Exactly. This software would have failed the month after it was installed if Comair had needed to do 32,001 changes in that month. But when it was installed, Comair wasn't that big, so having to do that many changes was not something that was considered. Now that Comair has grown considerably, the business requirement has changed but the application has not kept up.
End of Line.
I worked for IBM, coding in the mainframe networking department. Their motto should have been, "Don't change anything...it's working."
I got irritated. I would find stuff that was just STUPID. Horrendously mangled logic. Algorithms from other parts of the code applied completely wrong. Whenever I tried to improve the code I got the "It's working. Don't change anything" line. I left, determined to find a job where I could actually write code.
That was several years ago. I've gotten smarter since. I've worked on several large-scale, 5-9's systems. After several major and minor fuck-ups, now I know....
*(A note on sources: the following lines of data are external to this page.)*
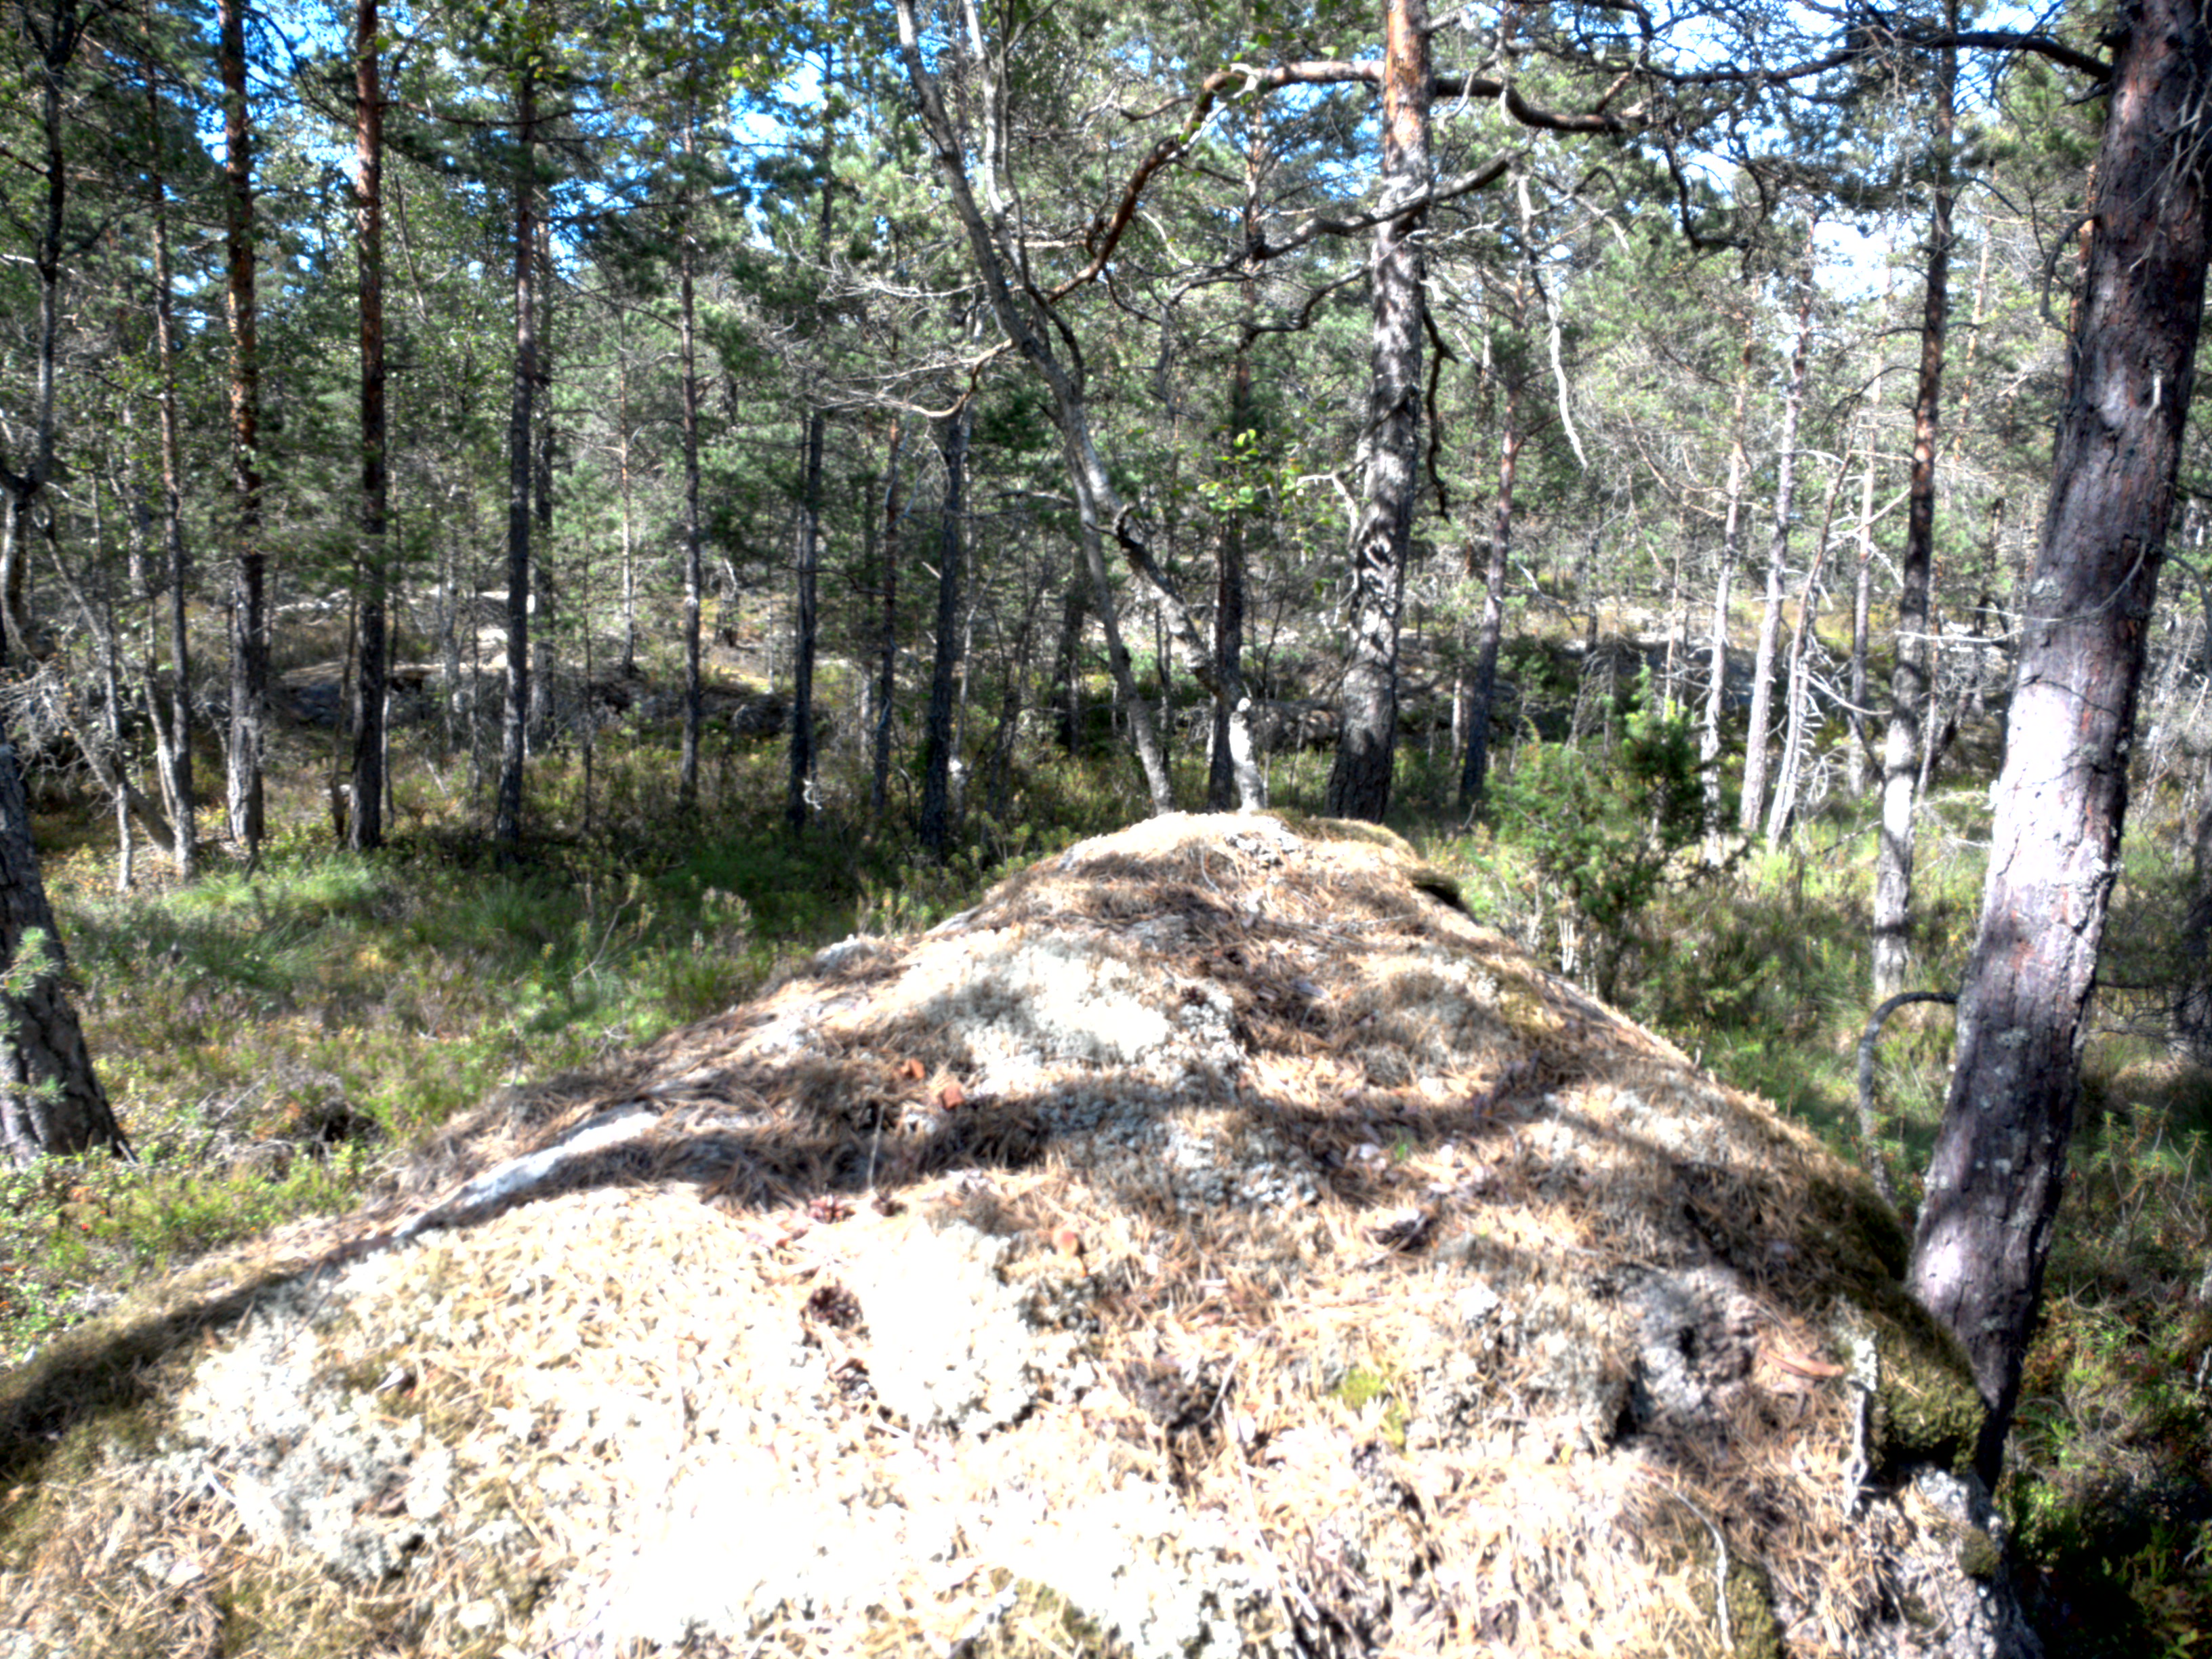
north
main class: Woodland
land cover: Pine dominated coniferous woodland
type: boreal forest
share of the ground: 25 - 50 %
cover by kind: coniferous forest trees 50 %, shrubs 25 %, lichens and mosses 25 %
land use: Forestry
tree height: > 5 m
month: August
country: SE
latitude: 59.0955
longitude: 17.4856

If it's working, don't change anything.
Aah, change is good. -- Rafiki
Yeah, but it ain't easy. -- Simba
These systems were written when a computer had maybe 4M of main memory. So if you double the size of your counter, that means you can hold....1/2 as many events.
So as a programmer, you make a choice. You either make the counter smaller, or you limit the system in some other way.
Computers today have 3 orders of magnitude more memory, and the choice between a short and a long is easy to make. But back then, it wasn't.
To help you understand, if a programmer from that era used a long int, he'd better have a damned good reason. Although, he should have made it an unsigned int and got double the space . See? You're not old enough to feel in your gut the need to save *BITS*.
Back when I learned to code in the late 70's, we used assembler (BAL 360), and we saved space by making all number packed and then stripped off the sign byte. You did a MVO to the same memory location, and it had a side effect of shifting the packed number on nibble (1/2 byte) to the right, erasing the sign bit. We did that because a 40M disk pack on an IBM 370/148 cost about $40,000 and we couldn't waste it. Now I have a thumb drive with 1G on it. You just don't understand.